Despertei subitamente a quase protagonizar uma cena de ataque cardíaco tamanho susto que roubou parte do meu espírito. Sentei-me em meio aos cobertores a cruzar as pernas e tatear ainda de olhos fechados e cara amassada em busca do meu aparelho celular qual tocava incessantemente há sabe lá quanto tempo. Contabilizei duas chamadas perdidas quando, finalmente, consegui alcança-lo e encher o peito de coragem para atendê-lo.

“Quem é?” perguntei sem a menor cerimônia, era quase impossível sentir os meus lábios se moverem tamanho o cansaço.

Tae Hyung?” a outra voz aparentava estar no mesmo estado qual eu me encontrava. Éramos duas almas deploráveis. Yoon Gi, só poderia ser.

Espera. Yoon Gi, oppa? Tae Hyu...

Tossi engasgando-me subitamente com sabe-se lá o que, após engolir em seco.

Passei a mão livre no rosto a lutar internamente para, de fato, despertar.

Oh céus, que horas são?

 

“Tae Hyu...” o último nome saiu quase como um sussurro e, ao perceber em qual degrau da nossa história estávamos, fui incapaz de pronunciá-lo por completo. “Tae Hyun...” repeti inconscientemente, falhando assustadoramente, presa em uma espécie de déjà vu.

Oh, Doong-Doongie, é você...” Yoon Gi interrompeu a frase de repente com um grunhido assonorentado, seguido de um bocejo. “Pode passar o celular para o dongsaeng?” indagou e suspirou arrastado estalando a língua no final. Éramos e estávamos deploráveis. Ou talvez, ele nem tanto.

Saltei para fora da cama, meus pés indo de encontro com o piso frio, minha mão livre em busca do interruptor. Meu corpo tremia em um misto de adrenalina e anestesia jamais sentido.

Droga.

 

Visualizei o quarto com dificuldade, porém em estado de alerta.

Eu estava sozinha.

Droga.

 

Segui para a cozinha um pouco cambaleante, tropeçando no vazio umas duas vezes, encontrando equilíbrio ao segurar na porta da geladeira. Aquilo definitivamente não se tratava de mais um dos meus terríveis pesadelos.

Mas é claro, Soo Young.

 

Larguei o jarro d’água onde estava, fechando a porta do eletrodoméstico, sentando-me no chão.

Doong-Doongie?” Indagou já impaciente, porém ainda de maneira preguiçosa.

“Yoon Gi, eu juro que...”, parei tentando encontrar novamente o ponto da conversa onde gostaria de chegar. “O Tae não está com você?”

Não. Há três dias para ser mais exato...”, pausou e ouvi o que parecia ser Yoon Gi levantando-se, deixando algo cair. “Soo Young, aconteceu alguma coisa que eu deva saber?

Soo Young, aconteceu alguma coisa que ele deva saber?

Soo Young?

Escuta, eu preciso falar com o dongsaeng. Combinamos que assim que ele voltasse de férias, ou seja, hoje, ele iria trabalhar no meu turno, mas ele não apareceu e, agora, nosso chefe está me ligando de cinco em cinco minutos e com razão. Há muitas reuniões para organizar e encontros com sócios e o Tae não está lá para assumir, o lugar... o setor... Caótico, é isso.” Suspirou quebrantado.

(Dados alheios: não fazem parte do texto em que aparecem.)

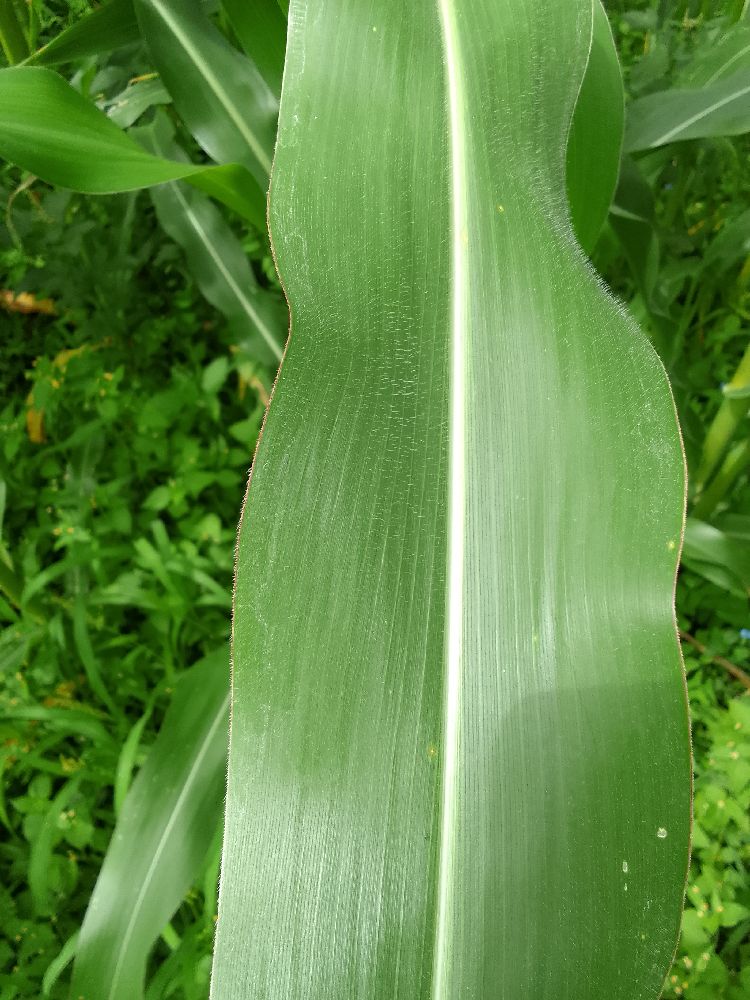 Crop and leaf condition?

maize, healthy

“Ele não atende o celular?”, ousei, os olhos partindo em busca de uma solução além da janela.

Não...”, estalou a língua a dizer, mas logo prolongou a negativa entonando uma dúvida. “Doong-Doongie, eu trabalhei até tarde ontem, então não estou em condições de bolar teorias mirabolantes... Soo, o que está acontecendoVocês brigaram?” Questionou, agora, obrigatoriamente tão desperto quanto eu.

“Eu não...”, mudei drasticamente o discurso a praticamente correr rumo ao quarto e apanhar um sobretudo para disfarçar o meu pijama. “Vinte minutos, me liga em vinte minutos”, falei encerrando a ligação.

Prendi os fios emaranhados do meu cabelo em um desajeitado rabo de cavalo seguindo para um laço na veste grossa que me protegia do frio da manhã e dos olhares sobre minhas roupas de dormir. Deslizei meus pés nus em um sapato qualquer e saí cega de desespero em busca do meu ex-namorado. E foi desta maneira, a sentir o meu coração pulsar em cada superfície do corpo, que continuei correndo a caminho do único lugar em todo o país que tinha plena certeza que o encontraria.

Por que tudo isso agora?

 

O celular dentro do bolso não parava de tocar, confirmando uma preocupação exagerada esperada vinda de Min Yoon Gi. A verdade era que eu simplesmente não conseguia lhe contar a verdade, não ali, não neste estado psíquico e não...

Droga, por quê? Por que, Soo Young? Quem é que faz uma coisa dessas, afinal?

 

Aigoo, Tae Hyung atende o celular, por favor” murmurava repetidas vezes com o aparelho telefônico rente ao ouvido, ainda a perambular pelas ruas.

Realmente esperava estar certa de onde Kim Tae Hyung provavelmente estaria.

Soo Young?”, escutei o som abafado do outro lado da linha, junto de sua respiração pesada. “Park Soo Young, é você?” repetiu e nada fui capaz de responder. Parei de correr, o mundo físico era silêncio, minha visão tornou-se turva, um iceberg ocupava todo espaço em meu estômago.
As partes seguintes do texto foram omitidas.